# Nolax And Non Reo Devices



## BhavZ (9/4/14)

I was wondering, can nolax be used on non reo devices? Such as other mech mods and digimods?

If so where could one get locally and how should it be applied and how often should it be applied?


----------



## johan (9/4/14)

BhavZ said:


> I was wondering, can nolax be used on non reo devices? Such as other mech mods and digimods?
> 
> If so where could one get locally and how should it be applied and how often should it be applied?



Yes you can, it is an anti-oxidant paste/compound, assisting in the prevention of oxidation. Noalox is just an American brand name for anti-oxidant paste/compound.

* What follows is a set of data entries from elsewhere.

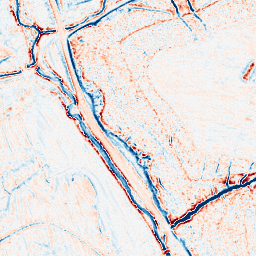
Category: edge_preserving
Decomposition family: anisotropic_diffusion
Decomposition parameters: iterations: 10
kappa: 10
gamma: 0.15
Upsampling method: linear_exact
Upsampling parameters: scale: 8
Upsampling scale: 8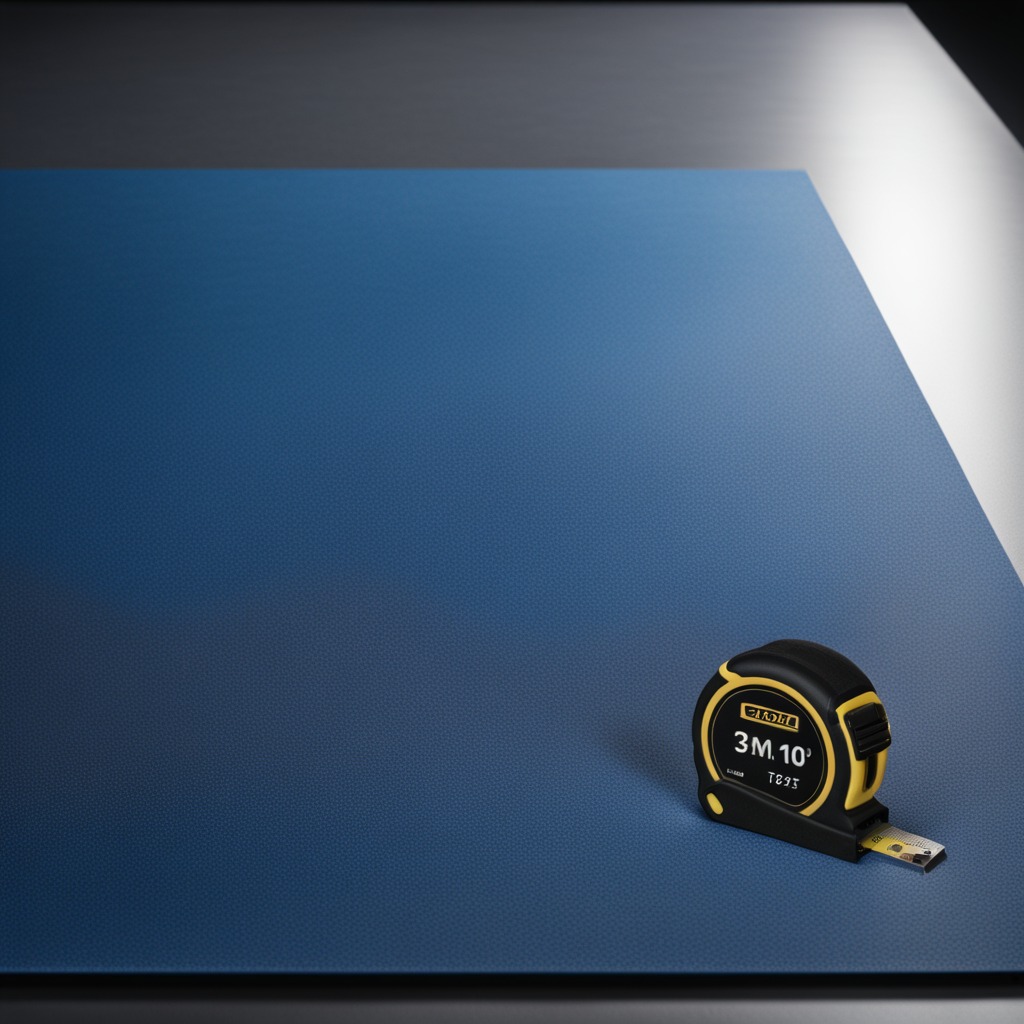
A measuring tape is lying on the tabletop.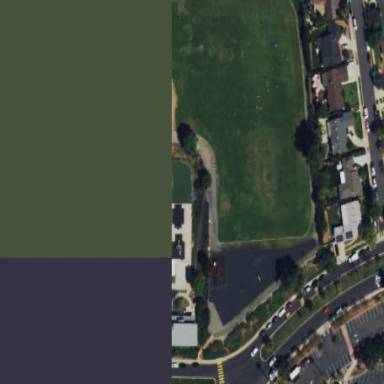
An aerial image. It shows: School.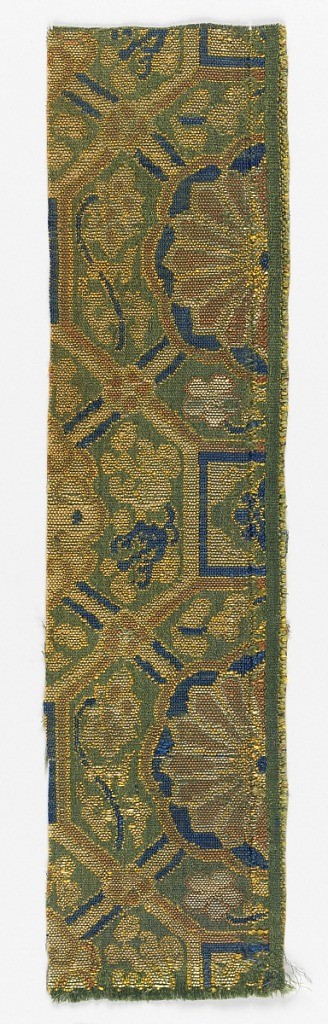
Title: Fragment
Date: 18th century
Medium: silk Technique: plain compound weave
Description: Geometrical design in green, tan, yellow and blue.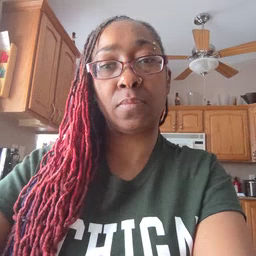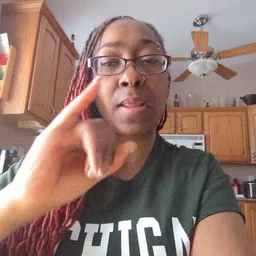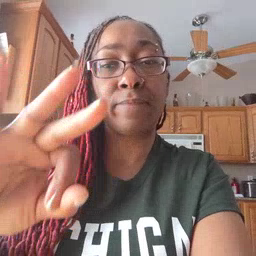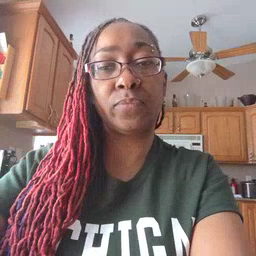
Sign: if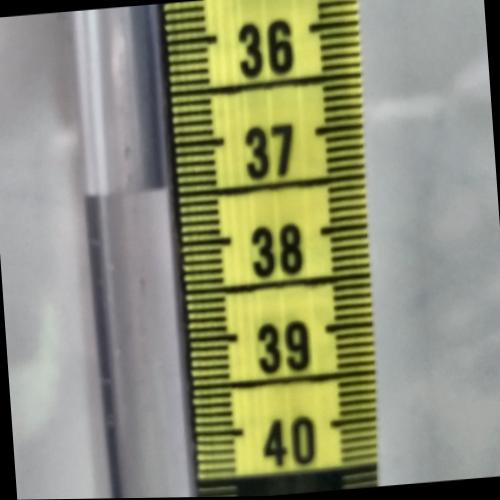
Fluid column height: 37.4 cm
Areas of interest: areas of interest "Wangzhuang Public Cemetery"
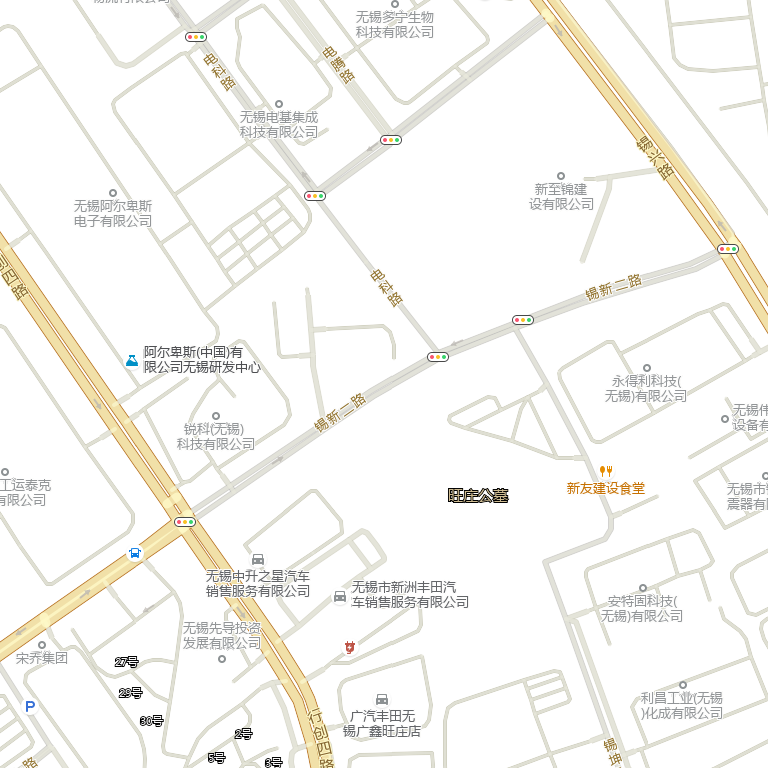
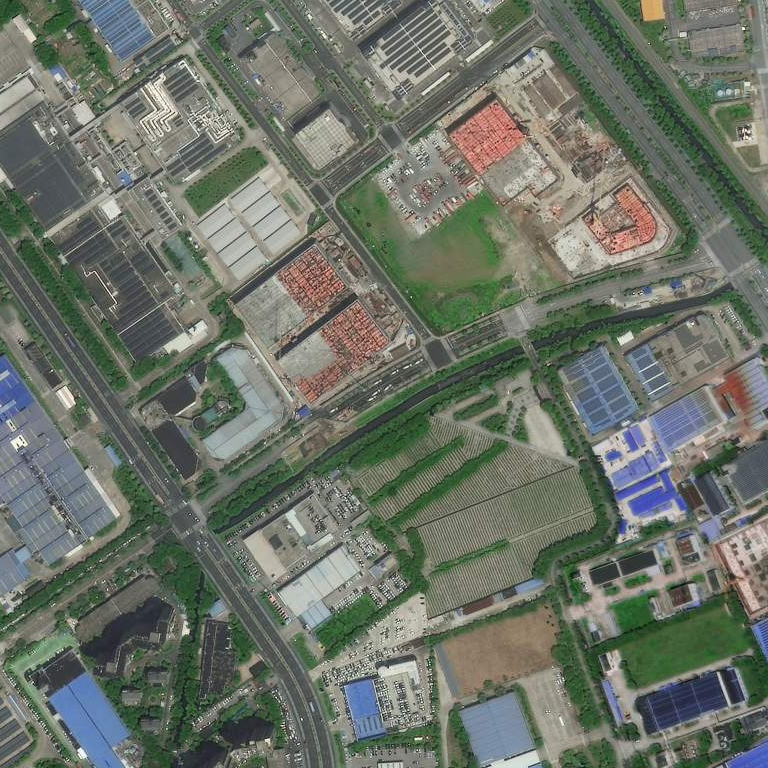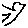
Label: bird
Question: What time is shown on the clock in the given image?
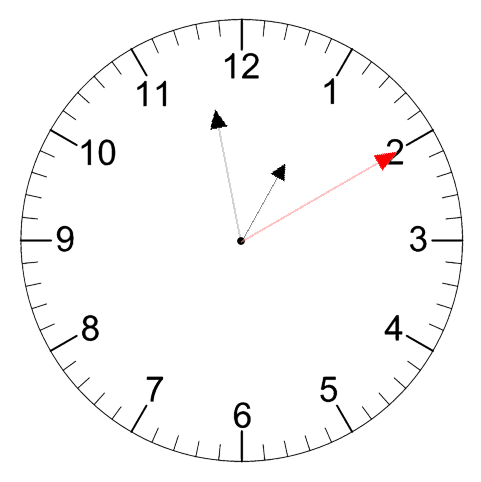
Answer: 12:58:10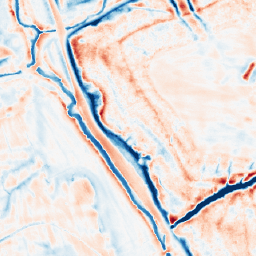
Category: edge_preserving
Decomposition family: bilateral
Decomposition parameters: d: 21
sigma_color: 100
sigma_space: 100
Upsampling method: nearest
Upsampling parameters: scale: 2
Upsampling scale: 2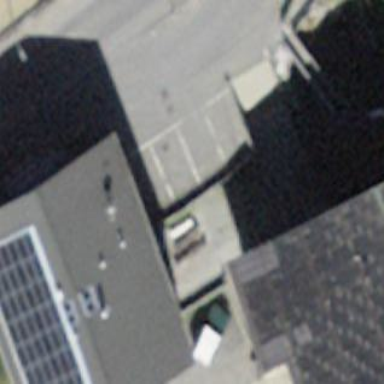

The petrol heads on this forum will be able to tell us what similar products are available locally at places like Midas etc, as it is used on i.e car battery connectors.


----------



## BhavZ (9/4/14)

johan said:


> Yes you can, it is an anti-oxidant paste/compound, assisting in the prevention of oxidation. Noalox is just an American brand name for anti-oxidant paste/compound. The petrol heads on this forum will be able to tell us what similar products are available locally at places like Midas etc, as it is used on i.e car battery connectors.


Perfect, thanks!


----------



## Gazzacpt (9/4/14)

Something like copper grease?

Sent from my GT-I9190 using Tapatalk


----------



## johan (9/4/14)

I prefer not to use it, the energy transfer will still be better if all screw and battery connections are kept clean on a regular basis. I will only use something like an anti-oxidant paste/compound if I'm going to store away my gear for long periods of time, especially on bare copper stuff that easily oxidizes.


----------



## Gazzacpt (9/4/14)

johan said:


> I prefer not to use it, the energy transfer will still be better if all screw and battery connections are kept clean on a regular basis. I will only use something like an anti-oxidant paste/compound if I'm going to store away my gear for long periods of time, especially on bare copper stuff that easily oxidizes.


So a good scrub and polish and some 800 grit sand paper on the contacts and you good to go? Don't know if I'm keen on sanding coated contacts. Steelwool and oil maybe to clean those?

Sent from my GT-I9190 using Tapatalk


----------



## johan (9/4/14)

@Gazzacpt if you clean it regularly, no need for sandpaper - most contacts are silver plated anyhow. Just use ordinary dish washing soap + warm water, rinse and dry.

Reactions: Like 1 | Useful 1


----------